Upon the request of such successor trustee, the retiring Trustee shall,
upon payment of any amounts due the retiring Trustee, or provision
therefor to the satisfaction of such retiring Trustee, execute and
deliver an instrument acknowledged by it transferring to such successor
trustee all the rights and powers of the retiring Trustee; and the
retiring Trustee shall transfer, deliver and pay over to the successor
trustee all Securities and monies at the time held by it hereunder,
together with all necessary instruments of transfer and assignment or
other documents properly executed necessary to effect such transfer and
such of the records or copies thereof maintained by the retiring
Trustee in the administration hereof as may be requested by the
successor trustee, and shall thereupon be discharged from all duties
and responsibilities under this Indenture. The retiring Trustee shall,
-41-
nevertheless, retain a lien upon all Securities and monies at the time
held by it hereunder to secure any amounts then due the retiring
Trustee;
(c) in case at any time the Trustee shall resign and no
successor trustee shall have been appointed or, if appointed, shall not
have accepted appointment within thirty days after notice of
resignation has been received by the Depositor, the retiring Trustee
may forthwith apply to a court of competent jurisdiction for the
appointment of a successor trustee. Such court may thereupon, after
such notice, if any, as it may deem proper and prescribe, appoint a
successor trustee;
(d) any corporation into which any Trustee hereunder may be
merged or with which it may be consolidated, or any corporation
resulting from any merger or consolidation to which any Trustee
hereunder shall be a party, or any corporation succeeding to all or
substantially all of the business of the Trustee shall be the successor
trustee under this Indenture without the execution or filing of any
paper, instrument or further act to be done on the part of the parties
hereto; anything herein or in any agreement relating to such merger or
consolidation, by which any such trustee may seek to retain certain
powers, rights and privileges theretofore obtaining for any period of
time following such merger or consolidation, to the contrary
notwithstanding; and
(e) any resignation or removal of the Trustee and appointment
of a successor trustee pursuant to this Section shall become effective
only upon acceptance of appointment by the successor trustee as
provided in subsection (b) hereof.
Section 6.06. Qualification of Trustee: The Trustee shall be a
corporation organized and doing business under the laws of the United States or
any state thereof which is authorized under such laws to exercise corporate
trust powers and having at all times an aggregate capital, surplus, and
undivided profits of not less than $5,000,000.

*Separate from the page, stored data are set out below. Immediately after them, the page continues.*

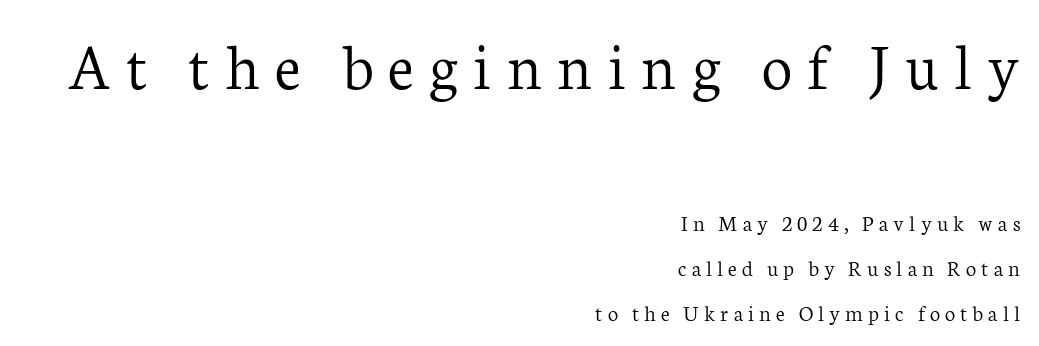
{"serif": "yes", "italic": "no", "bold": "no", "weight": "light", "width": "normal", "stroke_contrast": "low", "x_height": "medium", "monospaced": "no", "underline": "no", "align": "right", "line_spacing": "loose", "line_spacing_ratio": 1.96, "letter_spacing": "wide", "letter_spacing_em": 0.22, "larger_block": "first", "size_ratio": 2.96, "glyph_px": 68}
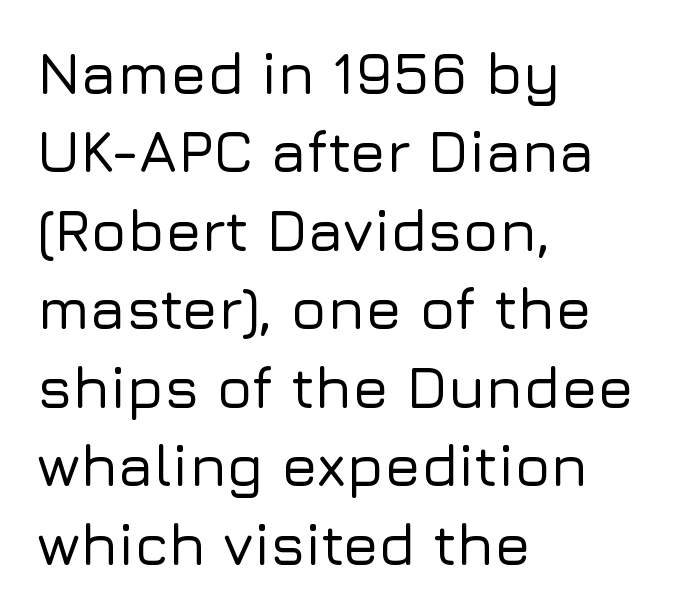
The image shows 59 px sans-serif type, upright; set left-aligned, normal line spacing (1.33x), normal letter spacing, not underlined; low stroke contrast and a medium x-height.
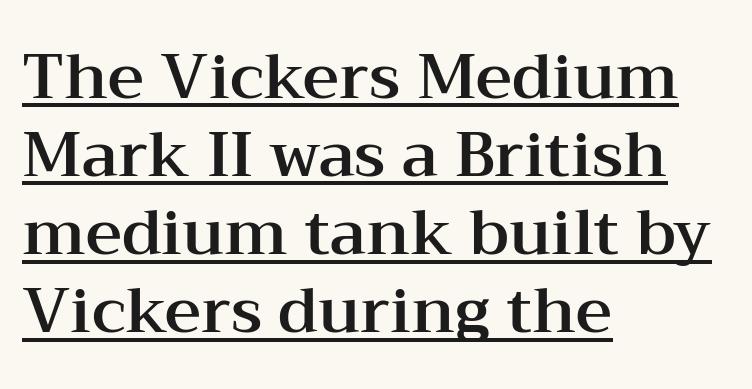
{"serif": "yes", "italic": "no", "width": "wide", "stroke_contrast": "medium", "x_height": "medium", "monospaced": "no", "underline": "yes", "align": "left", "line_spacing_ratio": 1.24, "letter_spacing": "normal", "letter_spacing_em": 0.0, "glyph_px": 63}
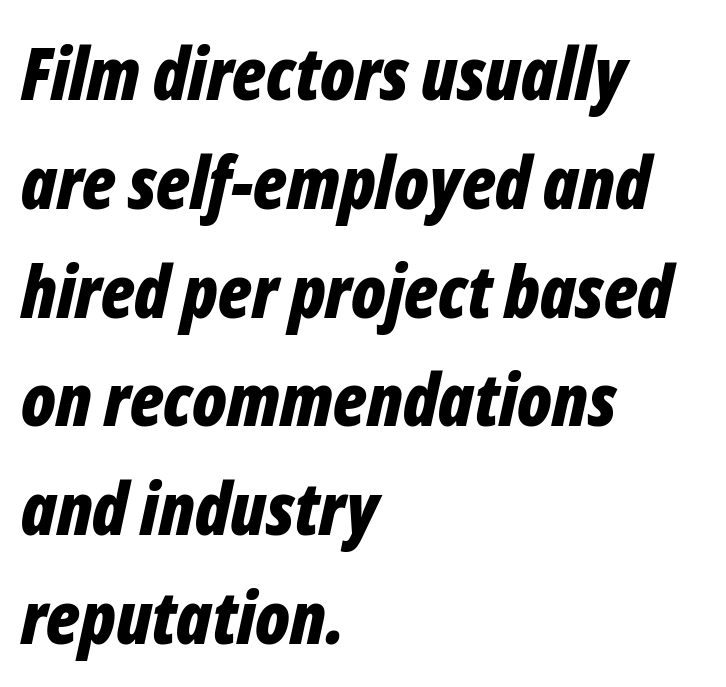
{"italic": "yes", "lean": "right", "slant_degrees": 12, "bold": "yes", "weight": "bold", "width": "condensed", "stroke_contrast": "low", "x_height": "medium", "monospaced": "no", "underline": "no", "align": "left", "line_spacing": "normal", "line_spacing_ratio": 1.49, "letter_spacing": "normal", "letter_spacing_em": 0.0, "glyph_px": 73}
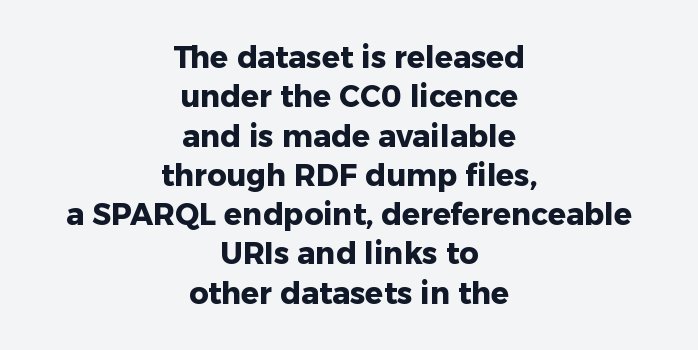
Q: Is the text bold? A: Yes.
Q: Is the text italic (slanted)? A: No, it is upright.
Q: Is the typeface a serif or a sans-serif typeface? A: Sans-serif.
Q: Is the text underlined? A: No.
Q: How is the paragraph aligned? A: Centered.
Q: Is the spacing between letters normal or unusually wide? A: Normal.
Q: Is the spacing between lines tight, normal or loose? A: Normal.
Q: Width (condensed, normal, or wide)? A: Normal.
Q: Stroke contrast? A: Low.
Q: x-height? A: Medium.
Q: Monospaced? A: No.
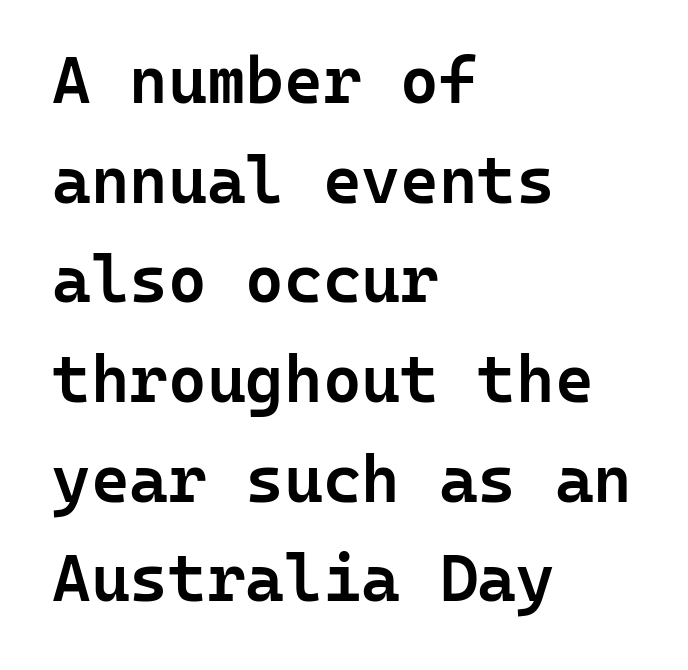
Characters remain perfectly vertical along every line. Notice the strokes are somewhat thickened but not fully heavy: this is a semibold. No feet cap the strokes, marking this as sans-serif type. Check under the words: just untouched page.
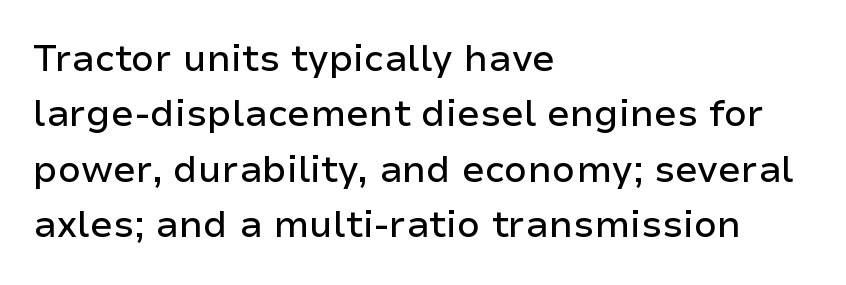
{"serif": "no", "italic": "no", "width": "normal", "stroke_contrast": "low", "x_height": "medium", "monospaced": "no", "underline": "no", "align": "left", "line_spacing": "normal", "line_spacing_ratio": 1.5, "letter_spacing": "normal", "letter_spacing_em": 0.0, "glyph_px": 37}

Section 6.07. Trustee's Response to Inquiries: The Trustee
shall deliver to the Depositor a copy of any written response to any non-routine
question or request at least one day before sending the response.
-42-
Section 6.08. Waiver of Liens: No lien, encumbrance or
priority in favor of the Trustee against the assets of the Trust will affect
such assets or their proceeds after such assets or proceeds have been
distributed or paid to Unit Holders or to the Distribution Agent on their behalf
pursuant to the terms of the Indenture and upon any such distribution any lien,
encumbrance or priority previously attaching to such assets or their proceeds
shall without any further action on the part of the Trustee be automatically
thereupon released and relinquished by the Trustee.
ARTICLE VII
RIGHTS OF UNIT HOLDERS
Section 7.01. Beneficiaries of Trust: By the purchase and
acceptance or other lawful delivery and acceptance of a Unit of the Trust the
Unit Holder shall be deemed to be a beneficiary of such Trust and vested with
all rights, title and interest in the Trust to the extent of the Unit or Units
owned, subject to the terms and conditions of this Indenture.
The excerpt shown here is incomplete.